LinkedIn Publisher is coming!

LinkedIn PublisherLinkedIn Publisher was finally made available to me last week. LinkedIn Publisher is being rolled out to the entire LinkedIn community in phases.

What is LinkedIn Publisher?

LinkedIn Publisher is the blogging platform that LinkedIn Influencers have been using for the last year or so. LinkedIn Influencers are thought leaders who LinkedIn asked to publish their writings on LinkedIn Pulse.

LinkedIn Publisher will soon be made available to everyone.

Why should you care?

In this global economy, how do potential employers or clients know that you know your stuff? In today’s economy, you need to promote what you know!

What better idea is there than to write about what you know on LinkedIn, where prospective employers and clients can find you?

How do I get started with LinkedIn Publisher?

Step #1 is to get access. To speed up the process, you can apply here.

Once you have access, you will receive an e-mail with instructions and you will see a little pencil in the field where you post your updates.

What should I publish?

What do you know? What skill or knowledge do you have that you would like to promote?
Pick a topic and start writing. I discussed this last year when I wrote about Establishing Your Personal Brand and Credibility Through Blogging. This is the same concept, except you no longer need a blogging platform.
I tell my clients to pick a topic, write multiple posts in a series, and see what people think. What you want is for your LinkedIn connections and others to read, share, and comment on your posts. Based on the response, you will have an idea what you should write about, or whether to switch to a different topic.

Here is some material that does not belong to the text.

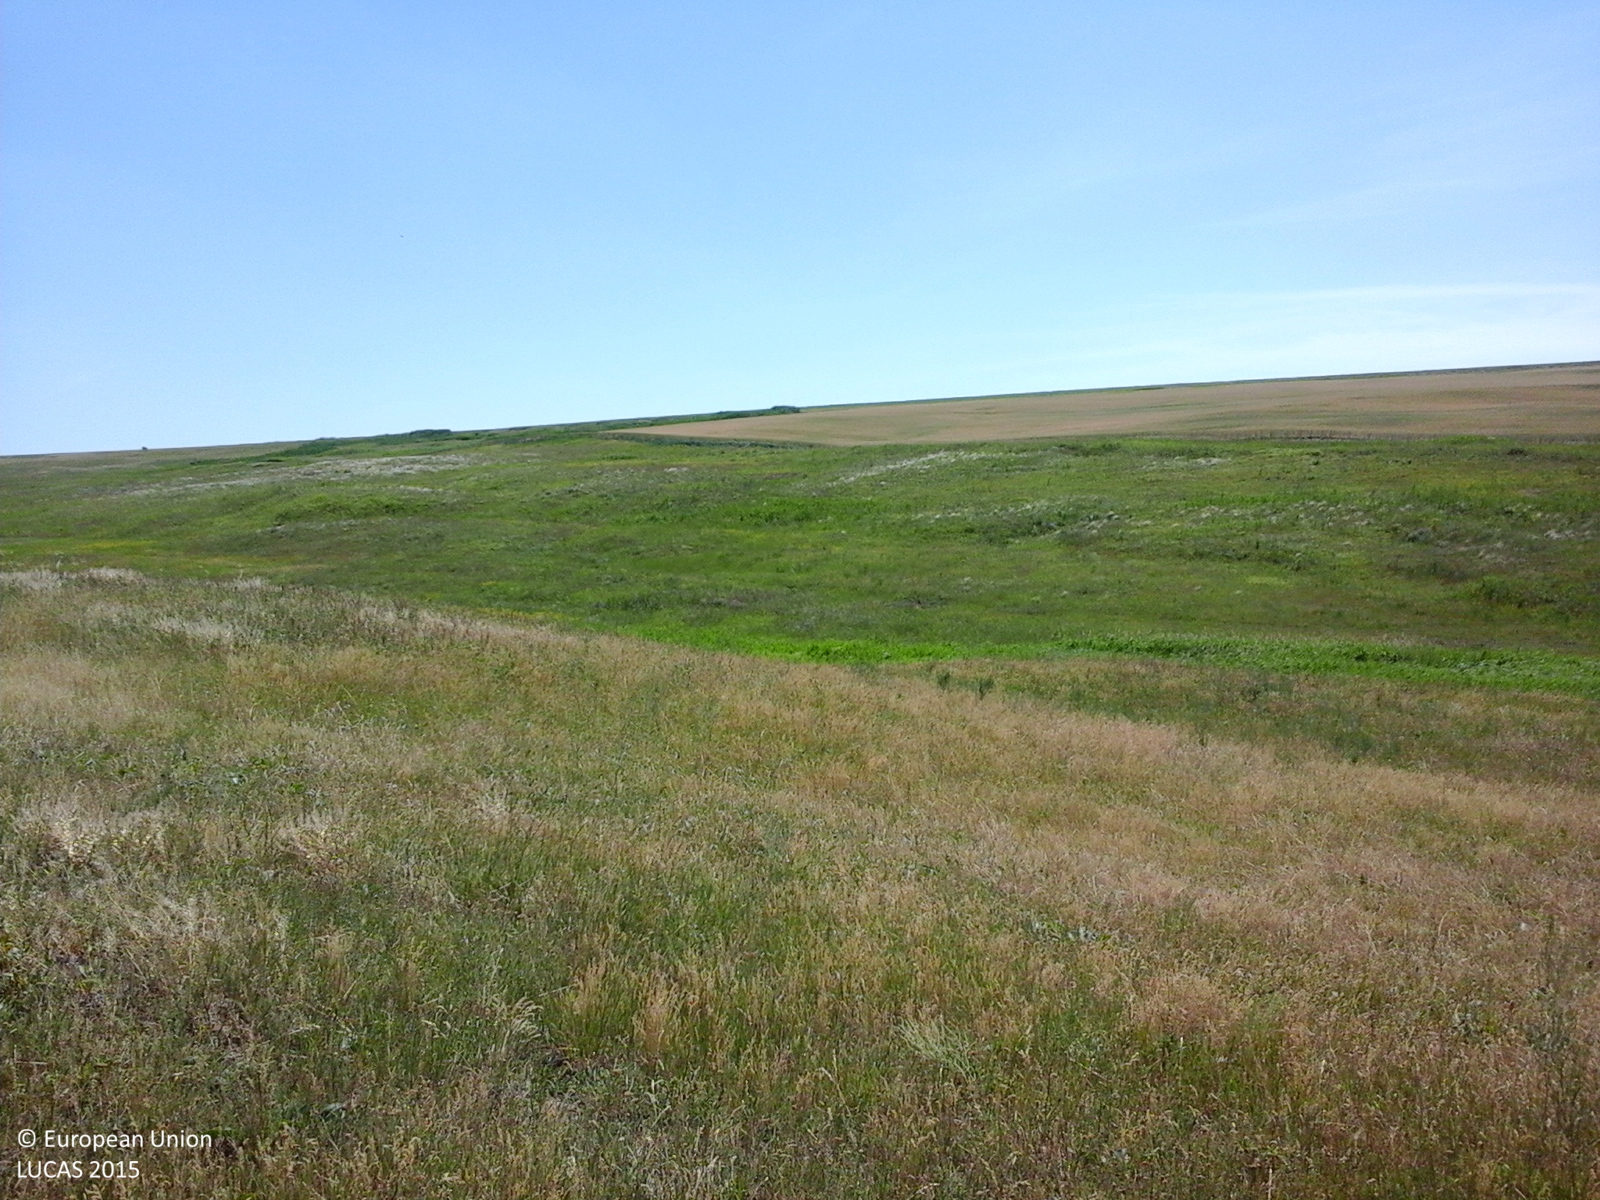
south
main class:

How often should I publish?

Be consistent! Pick a frequency that you can maintain. Once a week, every other week, once a month…start by writing 3-5 posts before you publish the first post. You will be able judge pretty quickly whether the frequency you picked is sustainable.

I will be publishing one post a week. I will also be republishing popular posts that I wrote for the Career Pivot blog from the last couple of years.

When should I publish?

In my opinion, early in the week and early in the day works best. This depends on where your readers might live or work. When I first started writing on the Career Pivot blog in 2011, I had readers in Iraq and Afghanistan (US Military). You might consider shifting the publishing time based on the time zone where most of your readers live.

How will readers find my posts?

If you subscribe to LinkedIn pulse, you get an e-mail every morning with articles that might interest you. LinkedIn will send to everyone who is subscribed to LinkedIn pulse and is a first degree connection a link to your article.

You should also promote your post on Twitter, FaceBook, LinkedIn, and Google+.  LinkedIn Publisher will inform you of how many people viewed your post and shared it on the various social networks. You will also be able to read and respond to comments.

You now have a simple to use, free blogging platform that makes it easy for your LinkedIn connections to find your posts. Now you can demonstrate that you know your stuff!

When are you going to get started?

This post is part of a weekly series on the Personal Branding Blog.

You can read the original post on the Personal Branding Blog.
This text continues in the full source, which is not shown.